Please output every line of the material as it stands, without the pictures.
Segment Start: The data
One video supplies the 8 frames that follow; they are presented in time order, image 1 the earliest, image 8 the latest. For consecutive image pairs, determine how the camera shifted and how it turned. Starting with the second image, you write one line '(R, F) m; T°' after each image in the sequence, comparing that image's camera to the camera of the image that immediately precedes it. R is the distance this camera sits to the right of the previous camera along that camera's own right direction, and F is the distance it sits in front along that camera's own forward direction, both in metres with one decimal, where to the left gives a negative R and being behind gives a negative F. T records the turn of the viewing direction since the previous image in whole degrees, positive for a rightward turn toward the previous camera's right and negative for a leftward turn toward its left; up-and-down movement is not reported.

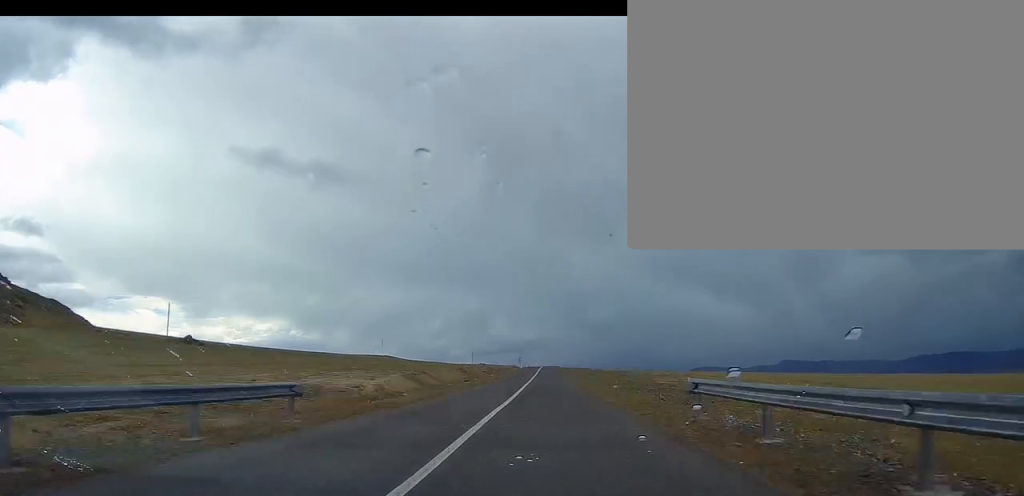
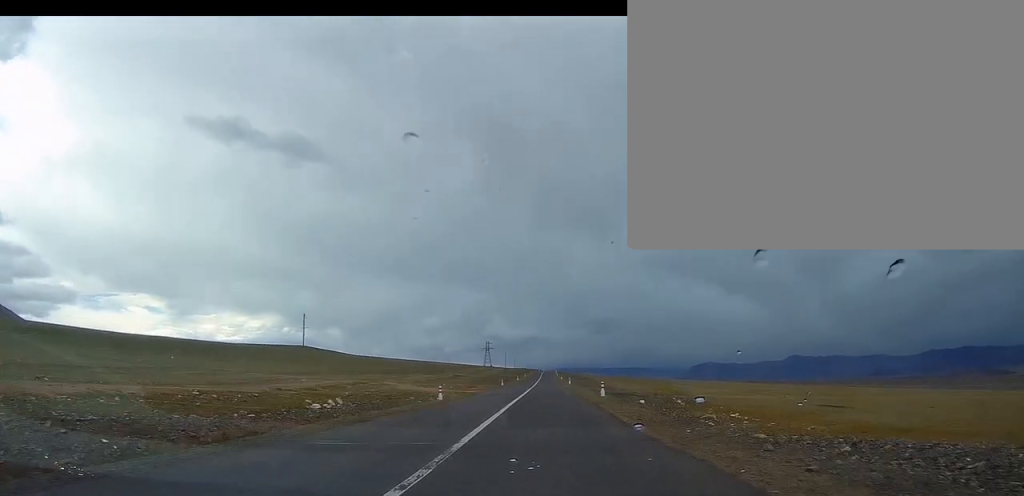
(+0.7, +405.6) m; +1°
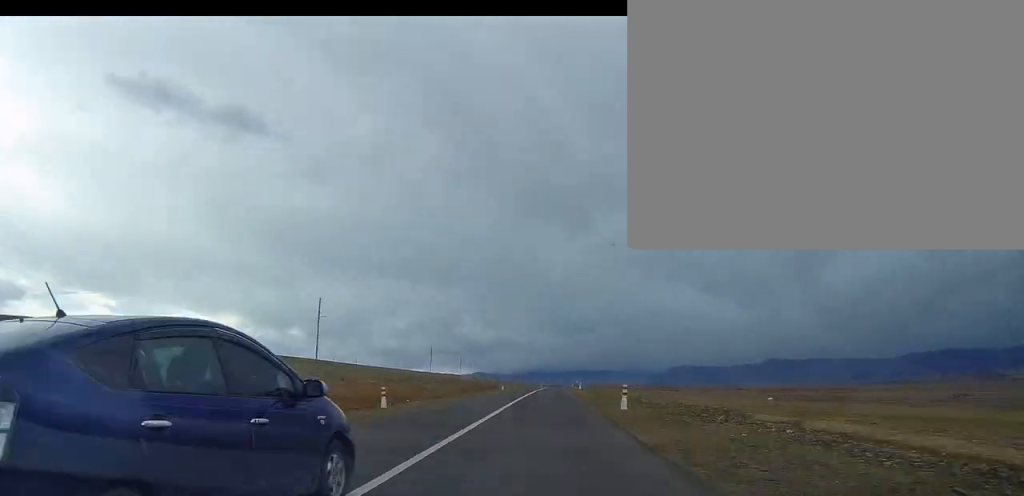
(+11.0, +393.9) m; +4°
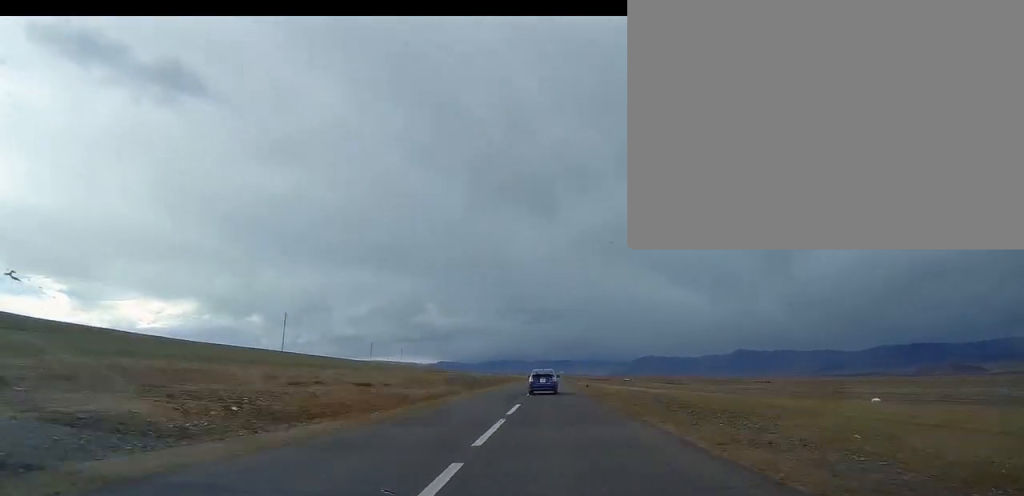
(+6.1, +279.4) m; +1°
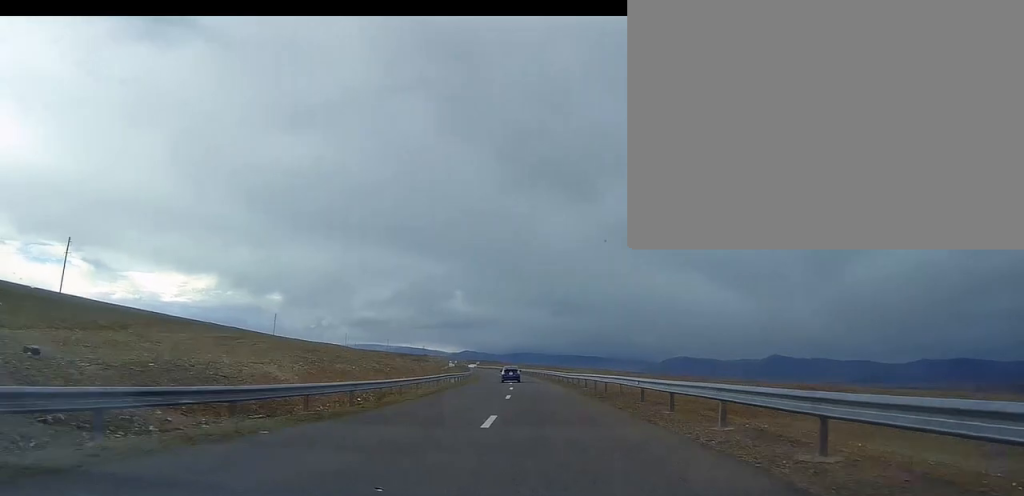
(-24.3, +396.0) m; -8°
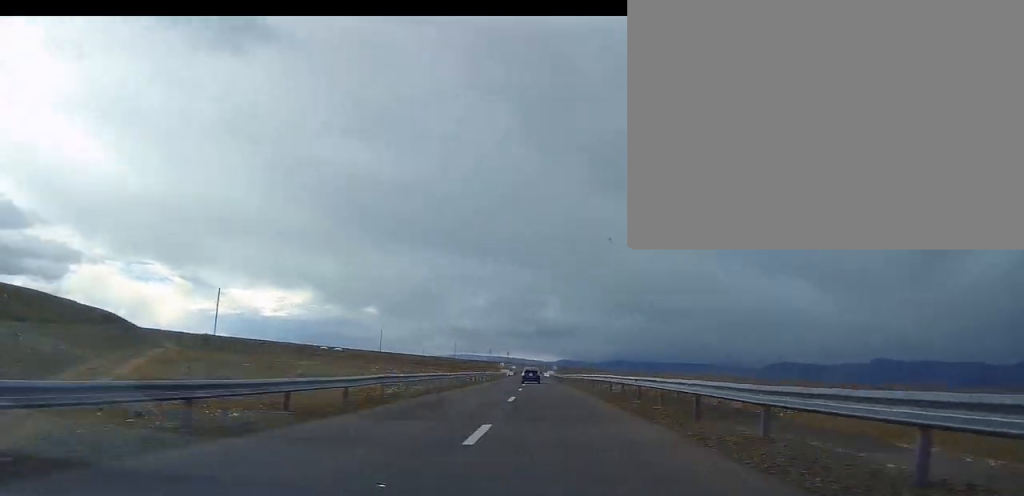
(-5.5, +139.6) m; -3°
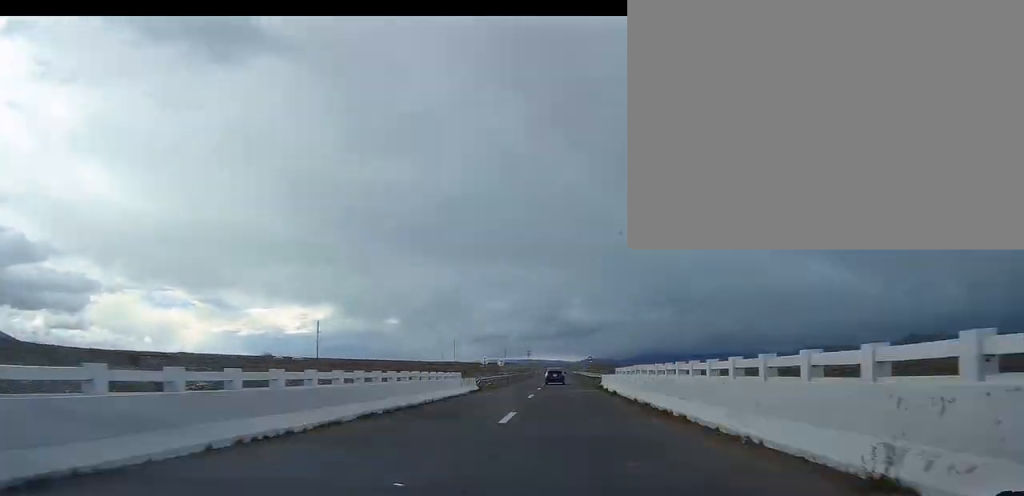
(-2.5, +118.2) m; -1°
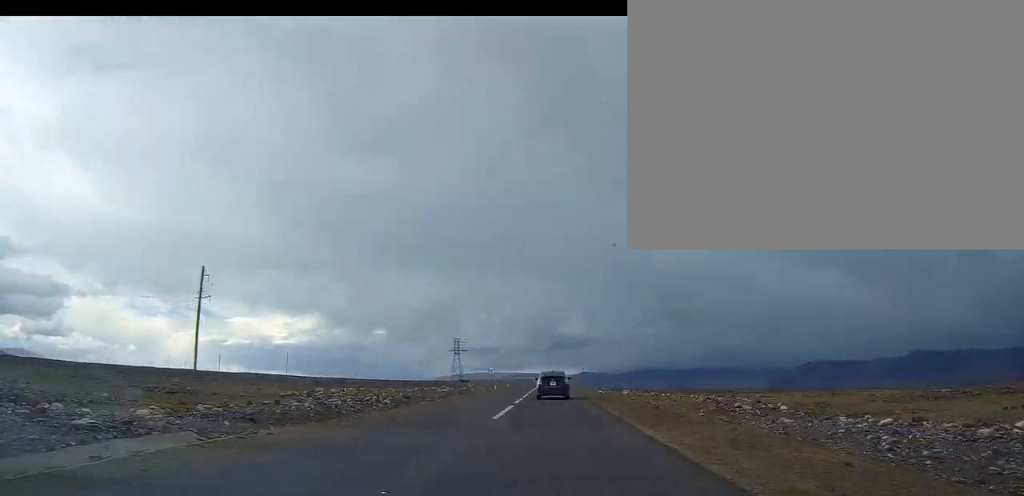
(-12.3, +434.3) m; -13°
Segment End: The data
> _Answer for the task_
One video supplies the 8 frames that follow; they are presented in time order, image 1 the earliest, image 8 the latest. For consecutive image pairs, determine how the camera shifted and how it turned. Starting with the second image, you write one line '(R, F) m; T°' after each image in the sequence, comparing that image's camera to the camera of the image that immediately precedes it. R is the distance this camera sits to the right of the previous camera along that camera's own right direction, and F is the distance it sits in front along that camera's own forward direction, both in metres with one decimal, where to the left gives a negative R and being behind gives a negative F. T records the turn of the viewing direction since the previous image in whole degrees, positive for a rightward turn toward the previous camera's right and negative for a leftward turn toward its left; up-and-down movement is not reported.

(+0.7, +405.6) m; +1°
(+11.0, +393.9) m; +4°
(+6.1, +279.4) m; +1°
(-24.3, +396.0) m; -8°
(-5.5, +139.6) m; -3°
(-2.5, +118.2) m; -1°
(-12.3, +434.3) m; -13°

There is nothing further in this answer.